The nice effect of that is that the number of eventually infected is again somewhat lower, namely 53% instead of 60%.
The biggest and nicest news is yet to come: In the traditional model, herd immunity is reached when 66% are infected (with R0=3.0). However, in the powerlaw model, herd immunity is already achieved much earlier and a well-timed lockdown leads to only 20% of the population getting eventually effected.
The following chart compares a well-timed lockdown in the traditional model with a well-timed lockdown in the super-spreader model.
In the traditional model, reaching herd immunity takes quite long. With R0=3.0, one has to wait until 66% of the population is infected (here, I wait a little longer to be on the safe side). A well-timed lockdown at that moment prevents up to 33% of the population from getting sick.

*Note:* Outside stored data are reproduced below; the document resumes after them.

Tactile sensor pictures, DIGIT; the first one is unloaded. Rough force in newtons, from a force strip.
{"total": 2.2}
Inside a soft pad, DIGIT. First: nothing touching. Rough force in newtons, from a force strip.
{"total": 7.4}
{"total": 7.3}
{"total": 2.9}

In the model with heterogeneous contagion, herd immunity is reached earlier and a well-timed lockdown prevents much more cases. In the end, only about 20% of the population is infected.

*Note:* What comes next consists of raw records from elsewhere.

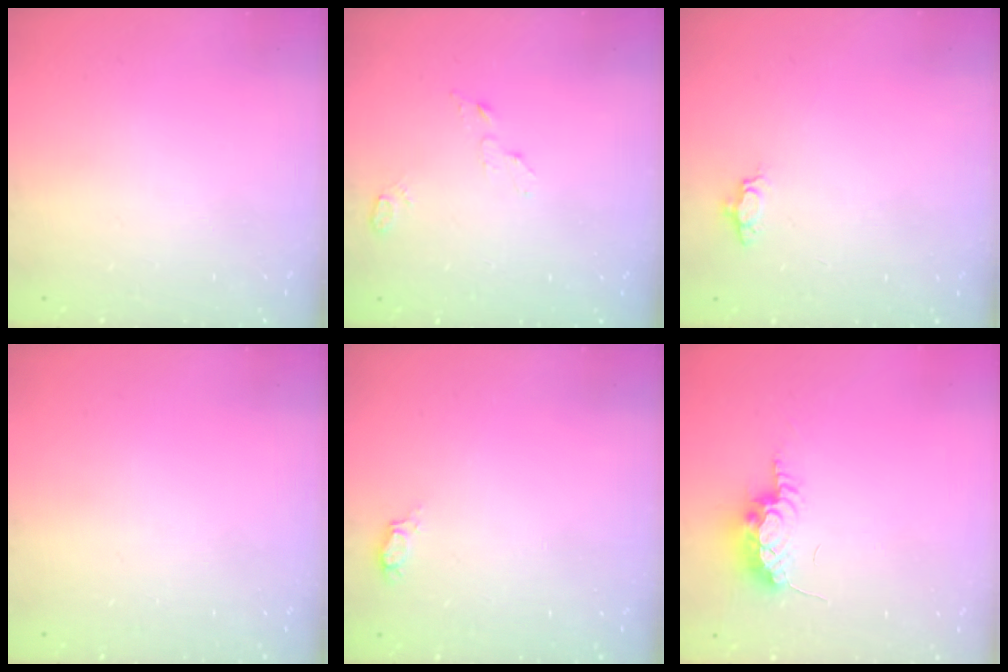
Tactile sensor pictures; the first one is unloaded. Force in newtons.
{"total": 3.5, "press": 3.4, "slide": 0.3}
{"total": 3.7, "press": 3.6, "slide": 0.5}
{"total": 0.0}
{"total": 4.2, "press": 3.9, "slide": 1.5}
{"total": 14.9, "press": 9.9, "slide": 11.1}

To test whether herd immunity has actually been reached, I adjusted the model such that every day, one random citizen is infected. Here, the random nature of our model can bite us again. It is perfectly possible for the population to have reached herd immunity overall (i.e. an infection rate below 1.0), but having many subsets of the population whose average infection rate is still above 1.0. If such a subset happens to get infected, there will be another (local) outbreak.

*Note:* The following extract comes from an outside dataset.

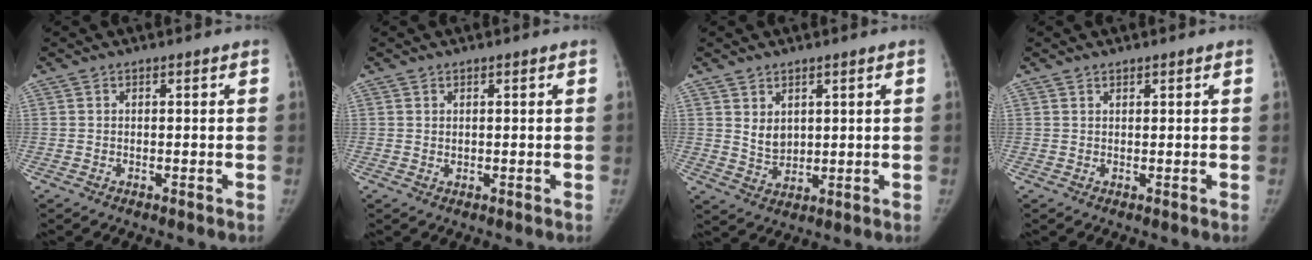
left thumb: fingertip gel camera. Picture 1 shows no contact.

Taking into account that not every host has the same infection rate (i.e. allowing for heterogeneous R0) makes a huge difference and I am much more hopeful again that this crisis will be over again sometime this summer. (Note added on 2020-05-02: here, I'm referring to Switzerland, where it currently looks like we will be back to "almost normal" by June.) After that, we might still see sporadic local outbreaks, but the pandemic should be over.
All of this should not be misunderstood as a justification to be less careful. In the network scenario without, about 25% of the population is sick at one point in time, overwhelming the health care system if not accompanied by ancilliary measures. However, one should note that everything will play out slower in a larger population, when simulating a real network with stable connections, or when the curve is flattened thanks to the well-known counter-measures. Nonetheless, this model can provide some hope for those who just read the usual extremely pessimistic forecasts and it can help in explaining why the infection rate seems to go down over time at a faster rate than the traditional model predicts.
All in all, the key take-away is: taking into account that people are different, the pandemic will be a less dramatic than traditional models suggest, in particular when combined with a well-timed lockdown.